## [Your assignment]
Below are records to be repeated exactly. Leave their pictures behind.

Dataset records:
--- START ---

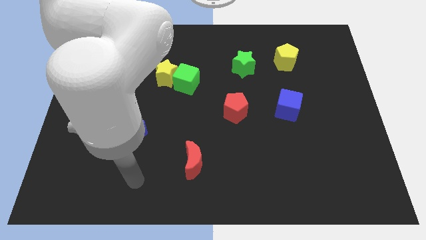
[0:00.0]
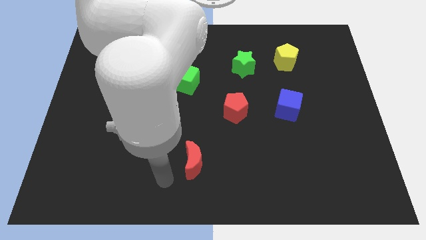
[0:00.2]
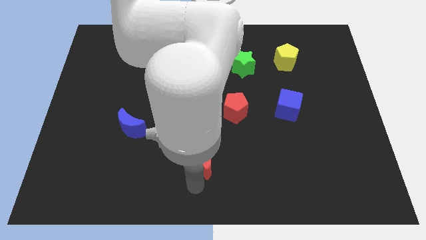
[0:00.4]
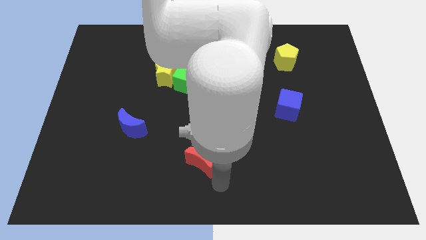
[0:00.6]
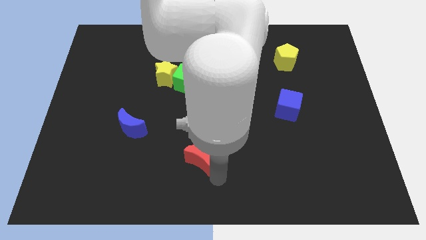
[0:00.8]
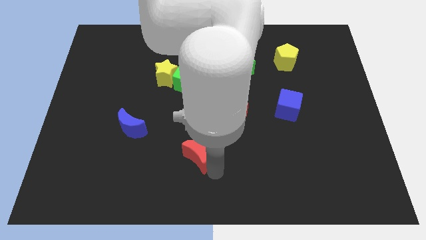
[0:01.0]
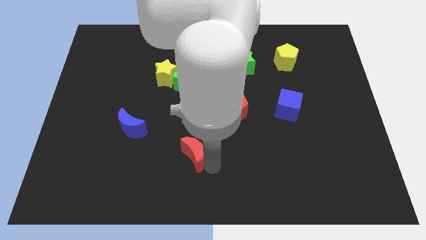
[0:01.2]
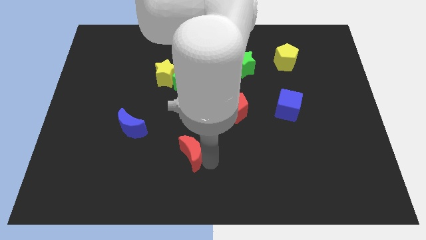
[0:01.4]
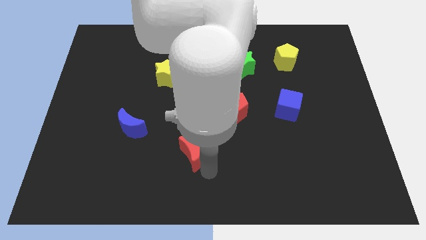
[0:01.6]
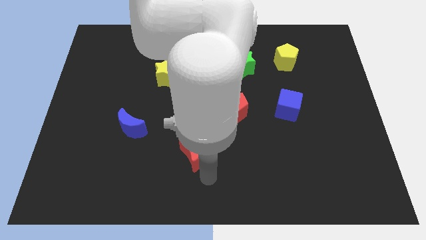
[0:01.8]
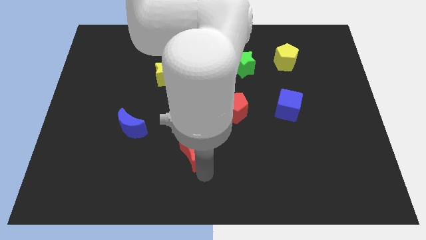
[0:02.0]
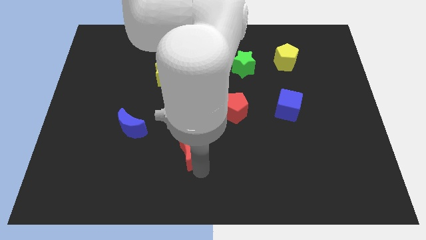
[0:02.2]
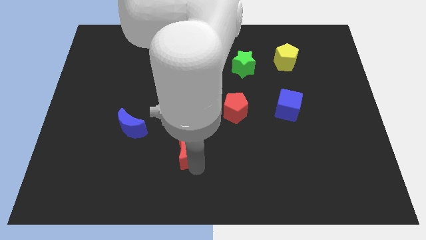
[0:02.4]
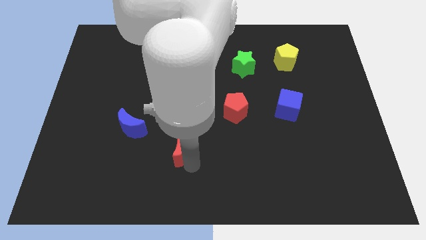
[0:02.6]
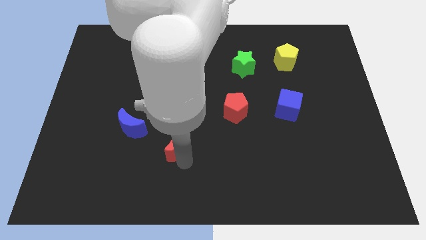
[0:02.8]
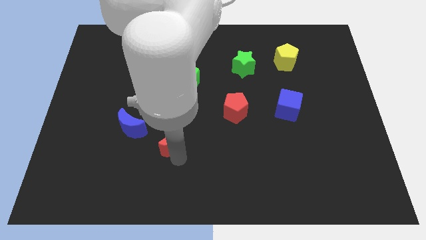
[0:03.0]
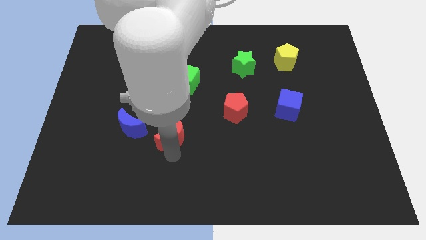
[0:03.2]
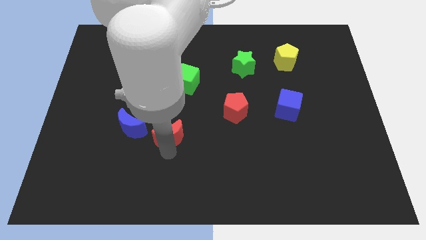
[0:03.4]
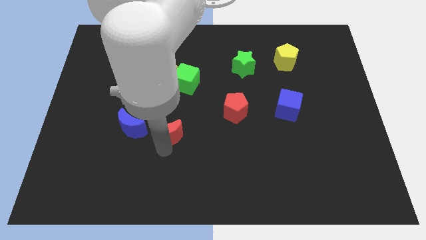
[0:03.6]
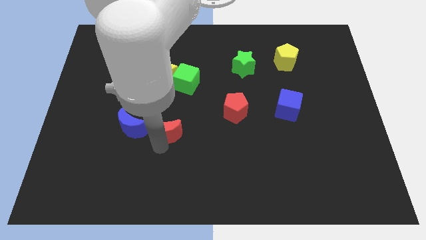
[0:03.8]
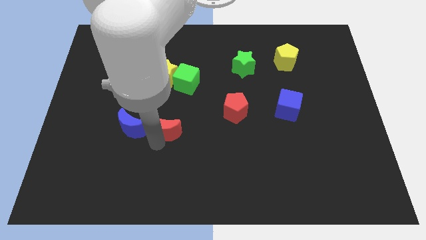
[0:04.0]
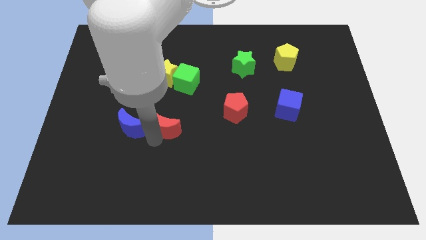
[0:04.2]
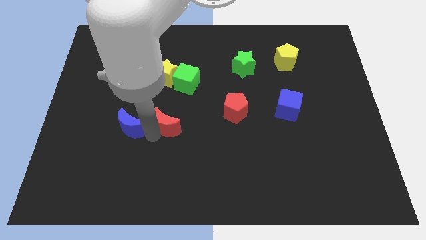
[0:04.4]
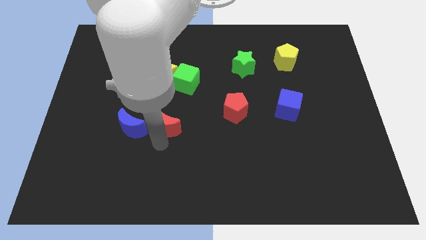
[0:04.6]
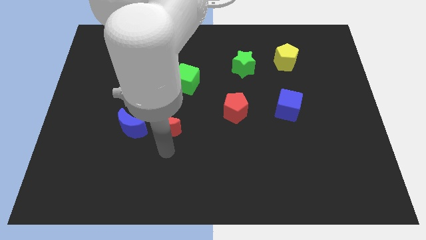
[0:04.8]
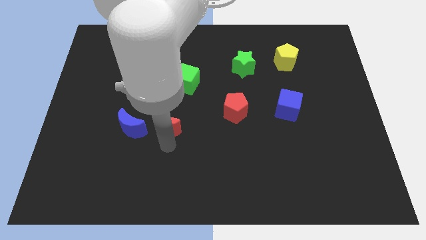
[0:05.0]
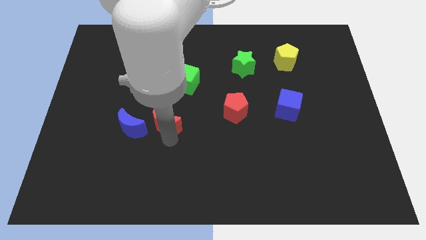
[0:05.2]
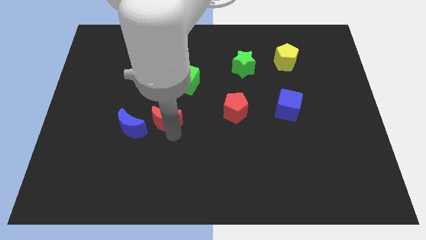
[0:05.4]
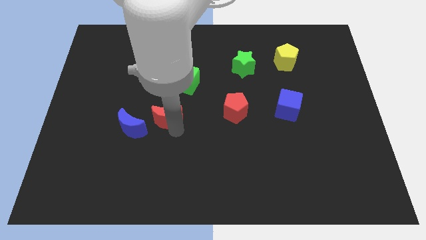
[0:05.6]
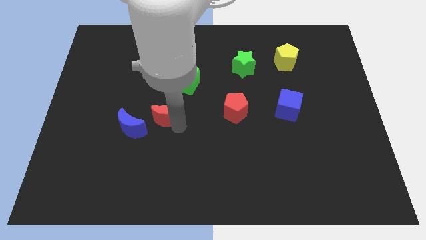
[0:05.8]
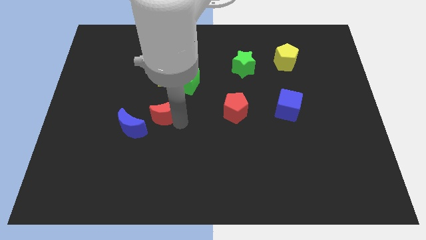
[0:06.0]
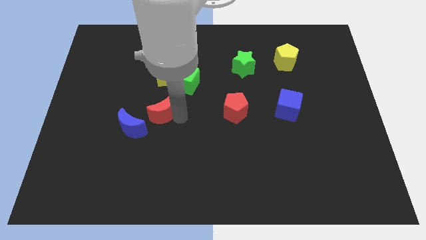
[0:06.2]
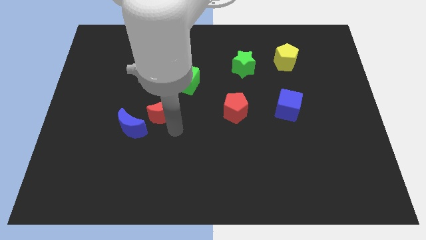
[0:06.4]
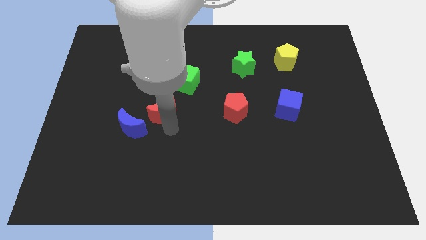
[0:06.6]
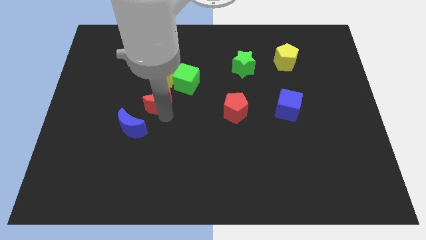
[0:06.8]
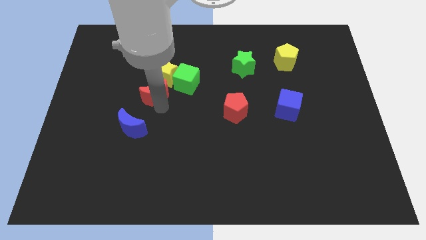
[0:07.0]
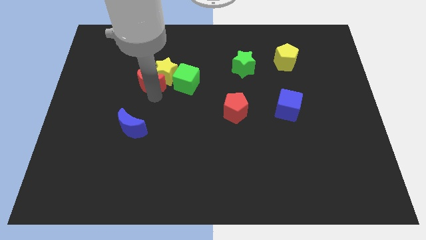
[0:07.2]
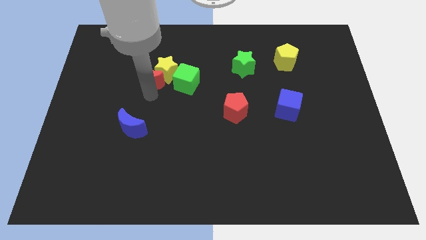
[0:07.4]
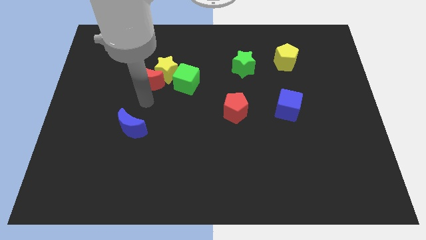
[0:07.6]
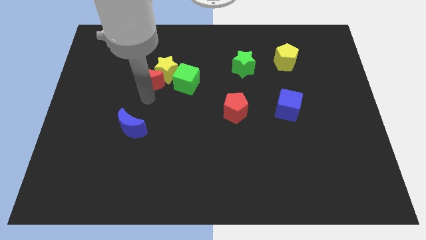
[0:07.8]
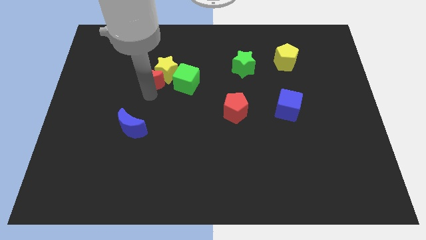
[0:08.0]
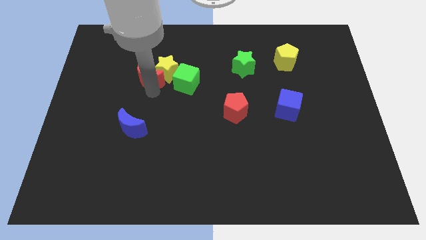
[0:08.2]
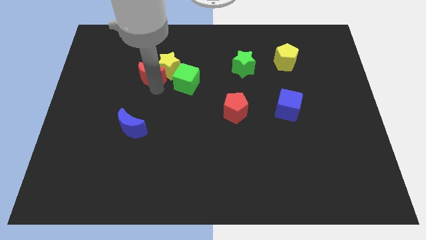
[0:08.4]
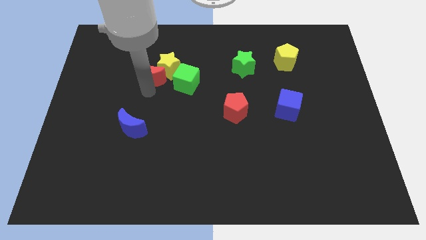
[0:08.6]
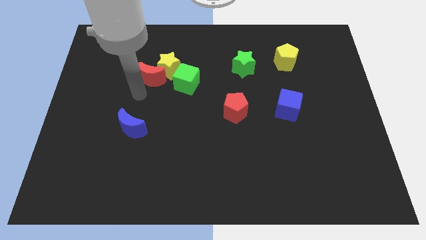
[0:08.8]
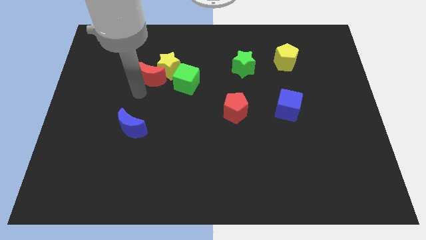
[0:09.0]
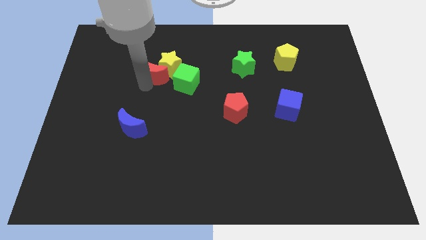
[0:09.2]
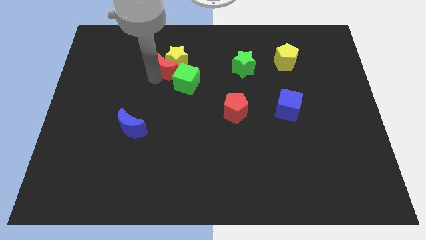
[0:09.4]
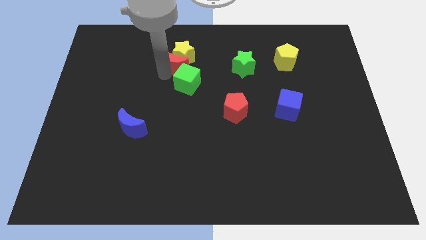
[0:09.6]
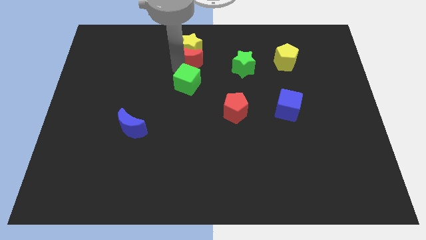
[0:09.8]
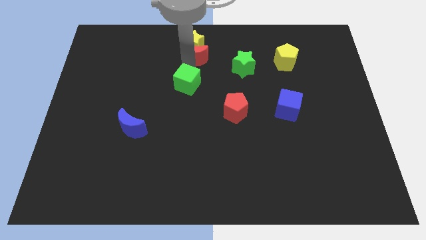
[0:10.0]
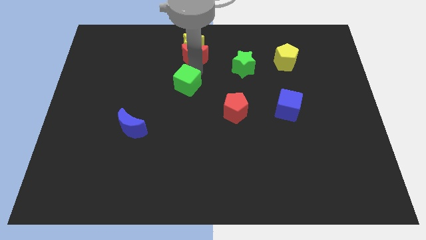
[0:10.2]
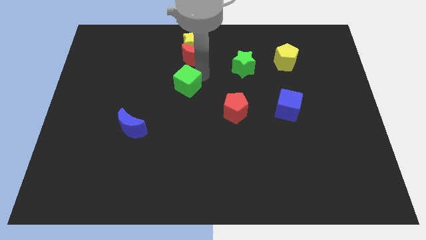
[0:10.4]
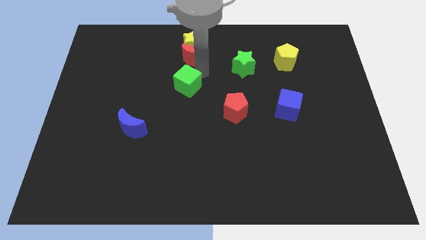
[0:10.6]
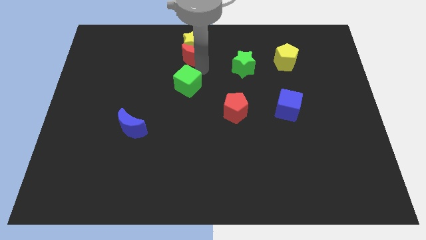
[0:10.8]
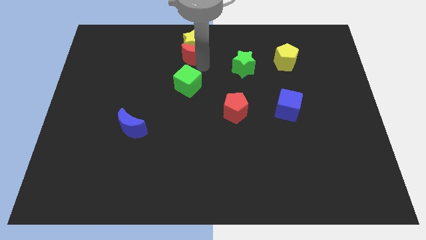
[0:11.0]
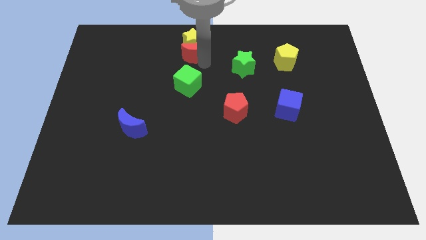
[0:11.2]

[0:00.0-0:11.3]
push the red moon to the top

--- END ---

## [Written answer]
[0:00.0]
[0:00.2]
[0:00.4]
[0:00.6]
[0:00.8]
[0:01.0]
[0:01.2]
[0:01.4]
[0:01.6]
[0:01.8]
[0:02.0]
[0:02.2]
[0:02.4]
[0:02.6]
[0:02.8]
[0:03.0]
[0:03.2]
[0:03.4]
[0:03.6]
[0:03.8]
[0:04.0]
[0:04.2]
[0:04.4]
[0:04.6]
[0:04.8]
[0:05.0]
[0:05.2]
[0:05.4]
[0:05.6]
[0:05.8]
[0:06.0]
[0:06.2]
[0:06.4]
[0:06.6]
[0:06.8]
[0:07.0]
[0:07.2]
[0:07.4]
[0:07.6]
[0:07.8]
[0:08.0]
[0:08.2]
[0:08.4]
[0:08.6]
[0:08.8]
[0:09.0]
[0:09.2]
[0:09.4]
[0:09.6]
[0:09.8]
[0:10.0]
[0:10.2]
[0:10.4]
[0:10.6]
[0:10.8]
[0:11.0]
[0:11.2]

[0:00.0-0:11.3]
push the red moon to the top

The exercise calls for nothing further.